## GOAL OF THE EXERCISE
Starting at the first line of the data, please print exactly those lines through the one that holds "#759=DIRECTION('center_axis',(1.,0.,0.));", omitting every picture.

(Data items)
--
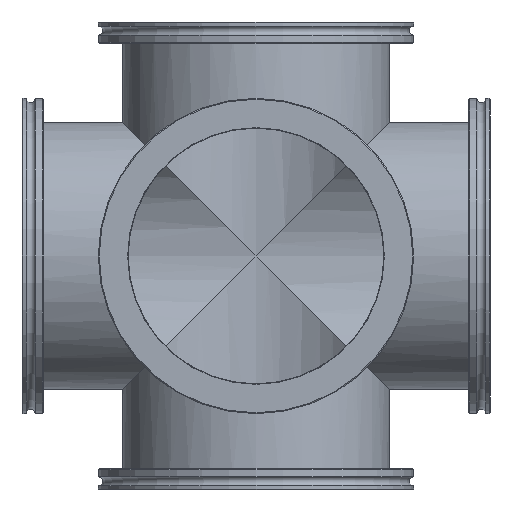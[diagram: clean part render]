
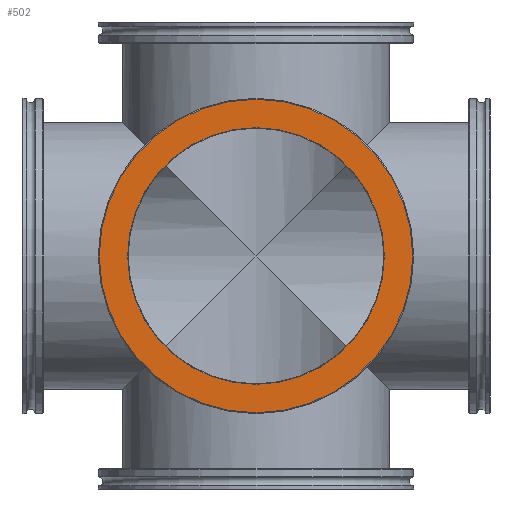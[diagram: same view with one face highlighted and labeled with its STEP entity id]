
A CAD part, left-side view. The second image highlights one B-rep face of the part: STEP entity #502.
In plain terms, the highlighted planar face has unit normal (-1, 0, 0).
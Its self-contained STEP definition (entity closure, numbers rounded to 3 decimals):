
#68=FACE_BOUND('',#159,.T.);
#77=CIRCLE('',#622,89.5);
#82=CIRCLE('',#629,73.25);
#83=CIRCLE('',#630,73.25);
#129=FACE_OUTER_BOUND('',#158,.T.);
#158=EDGE_LOOP('',(#414));
#159=EDGE_LOOP('',(#415,#416));
#249=VERTEX_POINT('',#936);
#254=VERTEX_POINT('',#950);
#255=VERTEX_POINT('',#951);
#306=EDGE_CURVE('',#249,#249,#77,.T.);
#313=EDGE_CURVE('',#254,#255,#82,.T.);
#314=EDGE_CURVE('',#255,#254,#83,.T.);
#414=ORIENTED_EDGE('',*,*,#306,.F.);
#415=ORIENTED_EDGE('',*,*,#313,.F.);
#416=ORIENTED_EDGE('',*,*,#314,.F.);
#482=PLANE('',#628);
#502=ADVANCED_FACE('',(#129,#68),#482,.T.);
#622=AXIS2_PLACEMENT_3D('',#937,#759,#760);
#628=AXIS2_PLACEMENT_3D('',#949,#773,#774);
#629=AXIS2_PLACEMENT_3D('',#952,#775,#776);
#630=AXIS2_PLACEMENT_3D('',#953,#777,#778);
#759=DIRECTION('center_axis',(1.,0.,0.));
#760=DIRECTION('ref_axis',(0.,0.,-1.));
#773=DIRECTION('center_axis',(-1.,0.,0.));
#774=DIRECTION('ref_axis',(0.,0.,1.));
#775=DIRECTION('center_axis',(-1.,0.,0.));
#776=DIRECTION('ref_axis',(0.,0.,1.));
#777=DIRECTION('center_axis',(-1.,0.,0.));
#778=DIRECTION('ref_axis',(0.,0.,1.));
#936=CARTESIAN_POINT('',(-12.,0.,89.5));
#937=CARTESIAN_POINT('Origin',(-12.,0.,0.));
#949=CARTESIAN_POINT('Origin',(-12.,0.,73.25));
#950=CARTESIAN_POINT('',(-12.,0.,73.25));
#951=CARTESIAN_POINT('',(-12.,0.,-73.25));
#952=CARTESIAN_POINT('Origin',(-12.,0.,0.));
#953=CARTESIAN_POINT('Origin',(-12.,0.,0.));
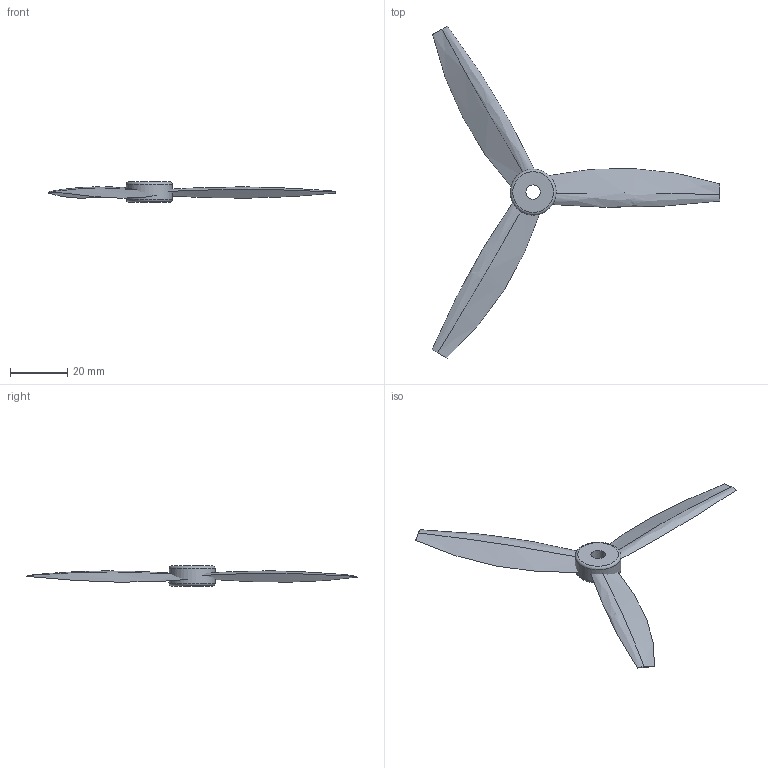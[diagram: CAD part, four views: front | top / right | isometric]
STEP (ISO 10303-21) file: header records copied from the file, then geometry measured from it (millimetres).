
FILE_DESCRIPTION(('FreeCAD Model'),'2;1');
FILE_NAME('Open CASCADE Shape Model','2023-11-24T10:10:58',(''),(''), 'Open CASCADE STEP processor 7.6','FreeCAD','Unknown');
FILE_SCHEMA(('AUTOMOTIVE_DESIGN { 1 0 10303 214 1 1 1 1 }'));
Length unit declared in the file: millimetre
Products named in the file (1): prop_003
Bounding box: 100.18 x 115.58 x 7 mm (x, y, z)
Volume: 403 mm3; surface area: 5160.8 mm2
Topology: 1 solids, 4 shells, 21 faces, 37 edges, 24 vertices
Faces by surface type: bspline 9, plane 8, cylinder 2, torus 2
Full cylindrical faces by diameter (mm): 5 x1, 16 x1
Entity records: 1364 total; most frequent: CARTESIAN_POINT 634, DIRECTION 100, ORIENTED_EDGE 74, PCURVE 74, DEFINITIONAL_REPRESENTATION 74, LINE 54, VECTOR 54, B_SPLINE_CURVE_WITH_KNOTS 45
--
## YOUR RESPONSE
[diagram: clean part render]
[diagram: same view with one face highlighted and labeled with its STEP entity id]
A CAD part, left-side view. The second image highlights one B-rep face of the part: STEP entity #502.
In plain terms, the highlighted planar face has unit normal (-1, 0, 0).
Its self-contained STEP definition (entity closure, numbers rounded to 3 decimals):
#68=FACE_BOUND('',#159,.T.);
#77=CIRCLE('',#622,89.5);
#82=CIRCLE('',#629,73.25);
#83=CIRCLE('',#630,73.25);
#129=FACE_OUTER_BOUND('',#158,.T.);
#158=EDGE_LOOP('',(#414));
#159=EDGE_LOOP('',(#415,#416));
#249=VERTEX_POINT('',#936);
#254=VERTEX_POINT('',#950);
#255=VERTEX_POINT('',#951);
#306=EDGE_CURVE('',#249,#249,#77,.T.);
#313=EDGE_CURVE('',#254,#255,#82,.T.);
#314=EDGE_CURVE('',#255,#254,#83,.T.);
#414=ORIENTED_EDGE('',*,*,#306,.F.);
#415=ORIENTED_EDGE('',*,*,#313,.F.);
#416=ORIENTED_EDGE('',*,*,#314,.F.);
#482=PLANE('',#628);
#502=ADVANCED_FACE('',(#129,#68),#482,.T.);
#622=AXIS2_PLACEMENT_3D('',#937,#759,#760);
#628=AXIS2_PLACEMENT_3D('',#949,#773,#774);
#629=AXIS2_PLACEMENT_3D('',#952,#775,#776);
#630=AXIS2_PLACEMENT_3D('',#953,#777,#778);
#759=DIRECTION('center_axis',(1.,0.,0.));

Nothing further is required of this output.